It ought to be stated up front that the reconsideration process established by this office is not intended to provide a forum for re-arguing or substantiating arguments made (or not) during the inquiry into the appeal...

[18] As stated above, the affected party cites sections 18.01(a) and (c) in support of his reconsideration request and alleges that:

  • I failed to consider material evidence as part of the “public interest” analysis,
  • I failed to notify the city official who signed the contract about the appeal, and
  • I failed to consider the possible application of the discretionary exemption at section 11 (economic and other interests).

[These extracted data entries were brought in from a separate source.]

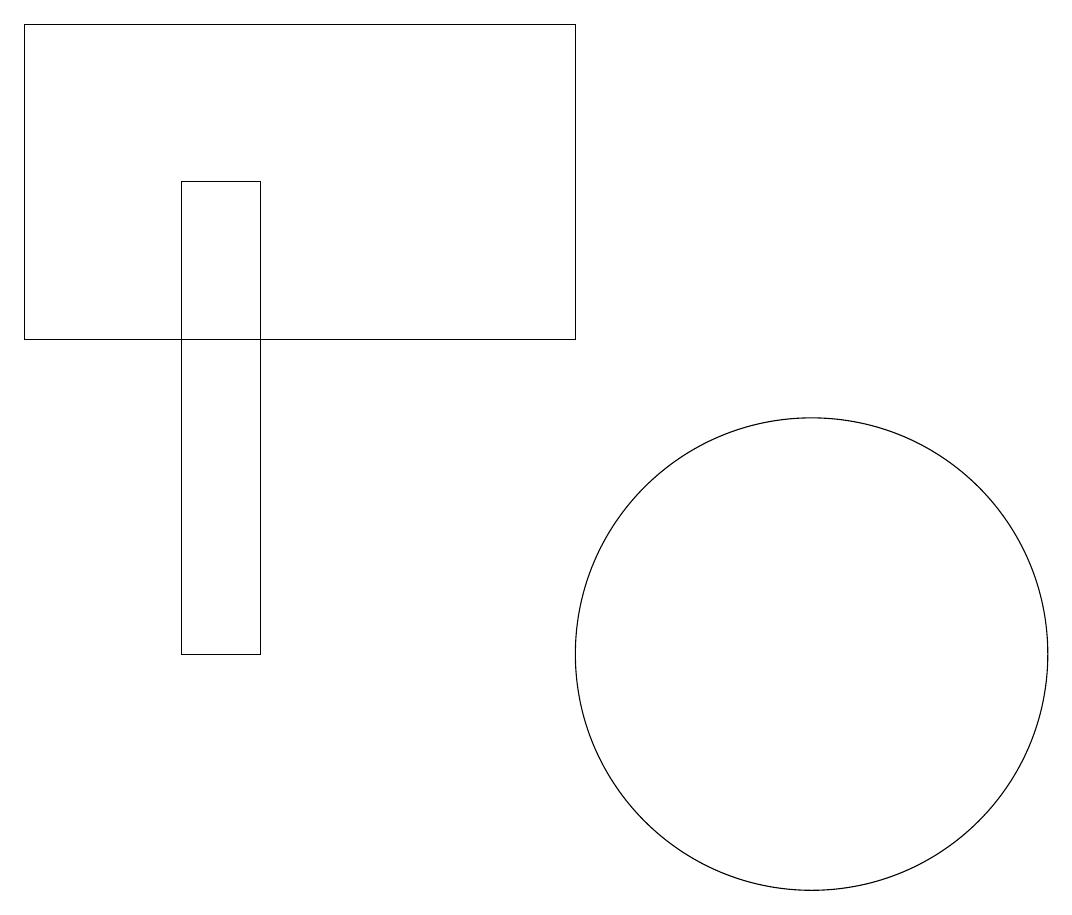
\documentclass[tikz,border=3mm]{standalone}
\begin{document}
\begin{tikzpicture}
\draw (10,10) circle (3);
\draw (3,10) rectangle (2,16);
\draw (7,18) rectangle (0,14);
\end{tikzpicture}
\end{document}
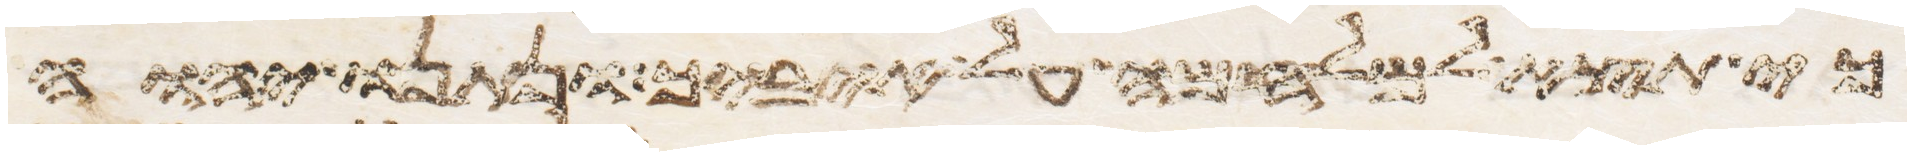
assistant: כי תצא למלחמה על איביך ונתנו יהוה
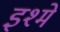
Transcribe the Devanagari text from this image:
इश्मे
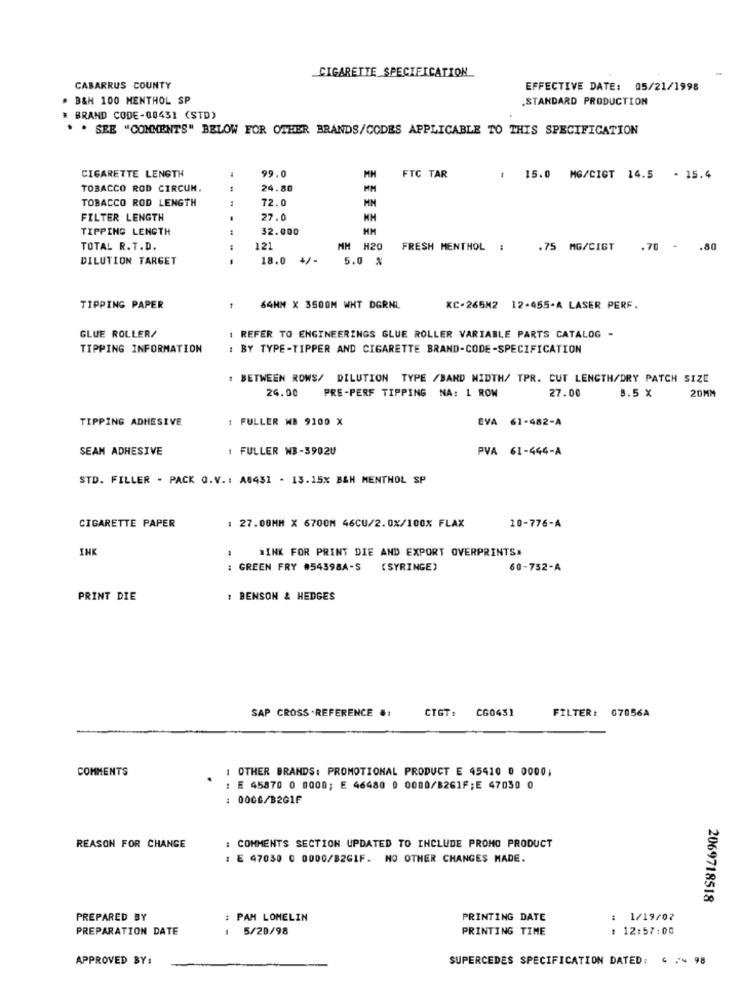
CIGARETTE SPECIFICATION
CABARRUS COUNTY
EFFECTIVE DATE: 05/21/1998
. B&H 100 MENTHOL SP
.STANDARD PRODUCTION
* BRAND CODE-00431 (STD)
* * SEE "COMMENTS" BELOW FOR OTHER BRANDS/CODES APPLICABLE TO THIS SPECIFICATION
99.0
CIGARETTE LENGTH
MH
FTC TAR
: 15.0 MG/CIGT 14.5 - 15.4
TOBACCO ROD CIRCUM.
24.80
MM
TOBACCO ROD LENGTH
72.0
HM
FILTER LENGTH
27.0
HH
TIPPING LENGTH
32.000
HM
TOTAL R.T.D.
121
MH H20
FRESH MENTHOL
.75 MG/CIGT
.70 - . 80
DILUTION TARGET
-- -
18.0 +/-
5.0 %
TIPPING PAPER
64HM X 3500M WHT DGRNL
KC-265M2 12-455-A LASER PERF.
GLUE ROLLER/
1 REFER TO ENGINEERINGS GLUE ROLLER VARIABLE PARTS CATALOG -
TIPPING INFORMATION
BY TYPE-TIPPER AND CIGARETTE BRAND-CODE-SPECIFICATION
: BETWEEN ROWS/ DILUTION TYPE /BAND WIDTH/ TPR. CUT LENGTH/DRY PATCH SIZE
8.5 X
20MM
24.00
PRE-PERF TIPPING NA: 1 ROW
27.00
TIPPING ADHESIVE
FULLER WB 9100 X
EVA 61-482-A
SEAN ADHESIVE
1 FULLER WB-5902U
PVA 61-444-A
STD. FILLER - PACK O.V .: A0431 - 13.15x B&H MENTHOL SP
CIGARETTE PAPER
: 27.00MM X 6700M 46CU/2.0%/100% FLAX
10-776-A
INK
MINK FOR PRINT DIE AND EXPORT OVERPRINTS#
GREEN FRY #54398A-S
(SYRINGE)
60-752-A
PRINT DIE
: BENSON & HEDGES
SAP CROSS .REFERENCE .:
CIGT:
CG0431
FILTER: 07056A
COMMENTS
: OTHER BRANDS: PROMOTIONAL PRODUCT E 45410 0 0000;
: E 45870 0 0000; E 46480 0 0000/B26IF;E 47030 0
: 0006/B2G1F
REASON FOR CHANGE
: COMMENTS SECTION UPDATED TO INCLUDE PROMO PRODUCT
: E 47030 0 0000/B2GIF. NO OTHER CHANGES MADE.
2069718518
PREPARED BY
: PAM LOMELIN
PRINTING DATE
: 1/19/02
PREPARATION DATE
1 5/20/98
PRINTING TIME
: 12:57:00
APPROVED BY:
SUPERCEDES SPECIFICATION DATED: 4 2. 98
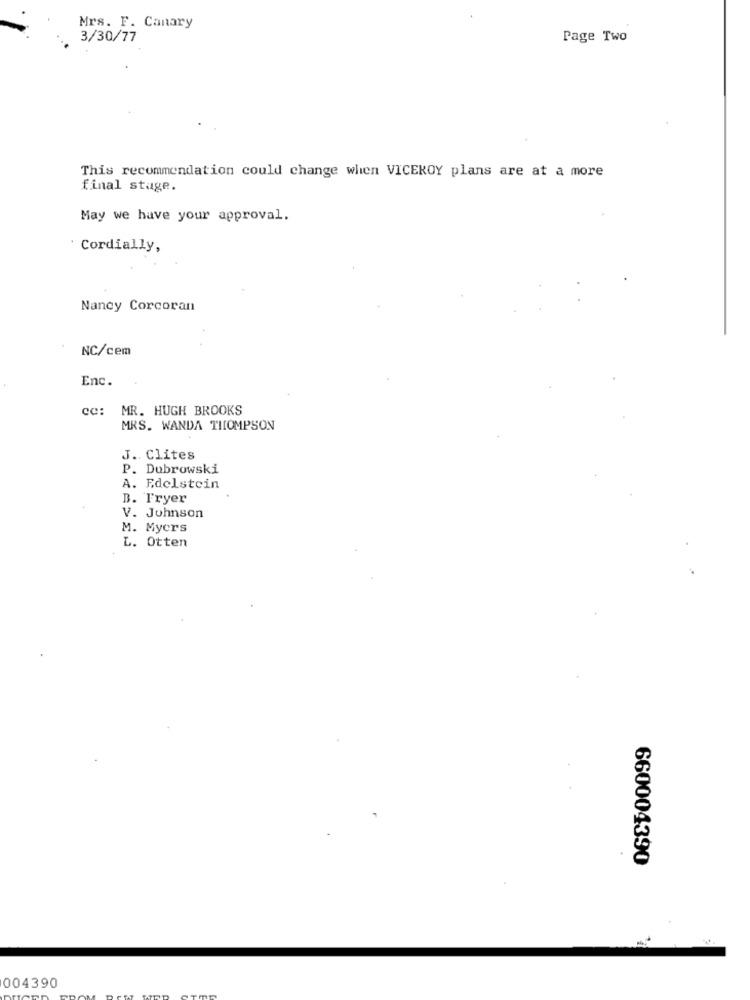
Mrs. F. Canary
3/30/77
Page Two
This recommendation could change when VICEROY plans are at a more
final stage.
May we have your approval.
Cordially,
Nancy Corcoran
NC/cem
Enc.
cc: MR. HUGH BROOKS
MRS. WANDA THOMPSON
J. Clites
P. Dubrowski
A. Edelstein
B. Fryer
V. Johnson
M. Myers
L. Otten
660004390
004390
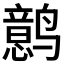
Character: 𱊰
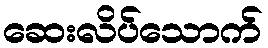
ဆေးလိပ်သောက်
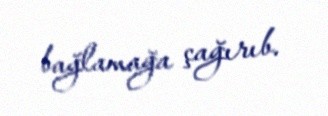
bağlamağa çağırıb.
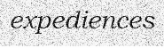
expediences
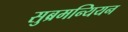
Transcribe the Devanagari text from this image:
सुब्रमन्यियन
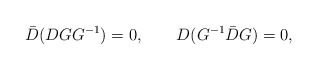
\begin{align*}\bar D(DGG^{-1})=0,\qquad D(G^{-1}\bar DG)=0,\end{align*}
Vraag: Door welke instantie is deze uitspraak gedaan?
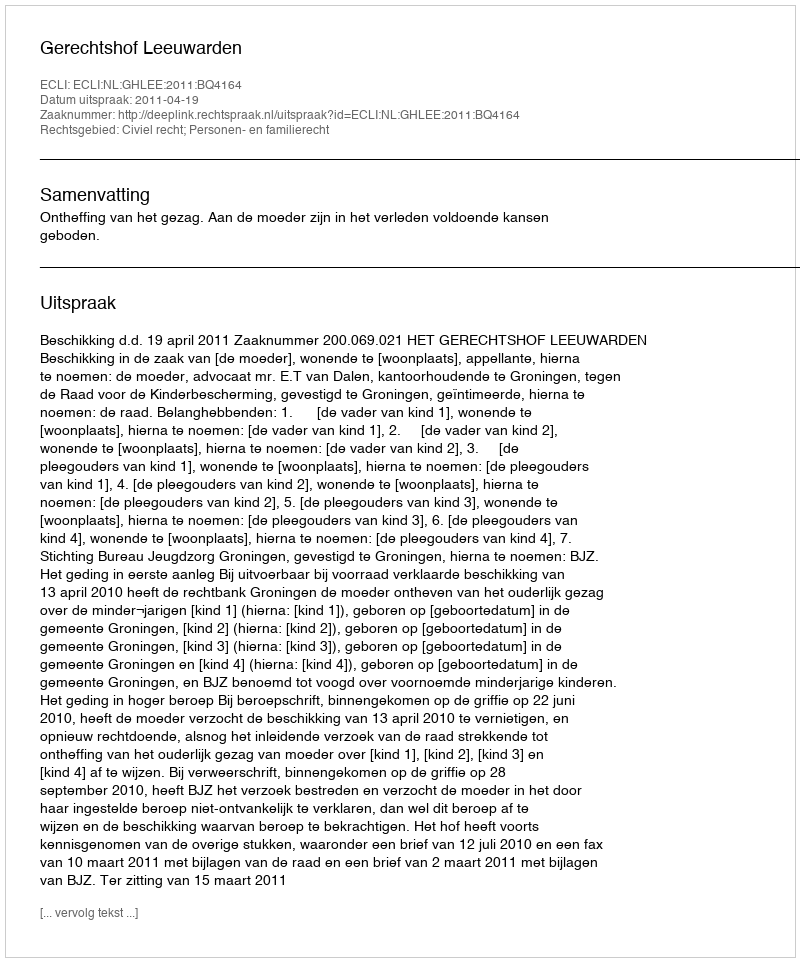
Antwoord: Gerechtshof Leeuwarden

Section 18.01(a) fundamental defect in the adjudication process

Allegation No. 1 – I failed to consider material evidence as part of the “public interest” analysis

[19] Section 16  of the Act , the “public interest override,” provides for the disclosure of records that would otherwise be exempt under another section of the Act . It states:

An exemption from disclosure of a record under sections 7, 9, 9.1, 10, 11, 13 and 14 does not apply if a compelling public interest in the disclosure of the record clearly outweighs the purpose of the exemption.

[20] For section 16 to apply, two requirements must be met:

  • there must be a compelling public interest in disclosure of the records; and
  • this interest must clearly outweigh the purpose of the section 14(1) exemption.

[21] The affected party disagrees with my finding in Order MO-4156 that there is a compelling public interest in the disclosure of his starting salary identified in the contract and states:

The fact that some members of the public continue to circulate false allegations for political gain should not become the standard of which personal information is disclosed in the name of the public interest.

[22] The affected party asserts that “… questions and concerns relating to the city’s CAO selection process have been put to rest and are publicly available on local media reports.”

[23] The affected party alleges a fundamental defect occurred in that I failed to consider material evidence. The material evidence the affected party alleges that I failed to consider is an April 6, 2021 news article which reports that the Ombudsman Ontario (Ombudsman) dismissed two complaints related to the city’s hiring practices. The article submitted by the affected party states that the city and Ombudsman received several complaints alleging an abuse of process in hiring staff. The article indicates that the complaints were eventually dismissed.

[24] In his reconsideration submissions, the affected party says he “already shared with [the] IPC correspondence from the Office of the Ombudsman relating to the matter of the city’s CAO selection process.” However, the affected party did not produce a copy of the news article or any document originating from the Ombudsman during the inquiry. [10]

[25] The affected party also says that other concerns were raised by a “staff person” in 2021 which were “subsequently sent to local law enforcement, the Ontario Ombudsman, and Deloitte LLP” and also dismissed.

[26] Finally, in support of his position that a fundamental defect in the adjudication process occurred, the affected party repeats arguments he and the city made during the inquiry.

Decision and Analysis

[27] I have considered the affected party’s submissions and find that they do not establish a basis for reconsideration under section 18.01(a).

[28] In my view, the affected party seeks to re-argue the appeal or introduce new evidence in support of his position. My reasons for finding that the public interest override in section 16  applied to the affected party’s starting salary are found at paragraphs 81 to 86 of Order MO-4156.

[29] As I have stated above, the IPC’s reconsideration process, which is set out in section 18 of the Code and has been considered in many past orders, is not intended to provide parties with a forum to re-argue their cases or an opportunity to present new evidence. Section 18.02 of the Code provides that the IPC will not reconsider a decision simply on the basis that new evidence is provided, whether or not that evidence was available at the time of the decision.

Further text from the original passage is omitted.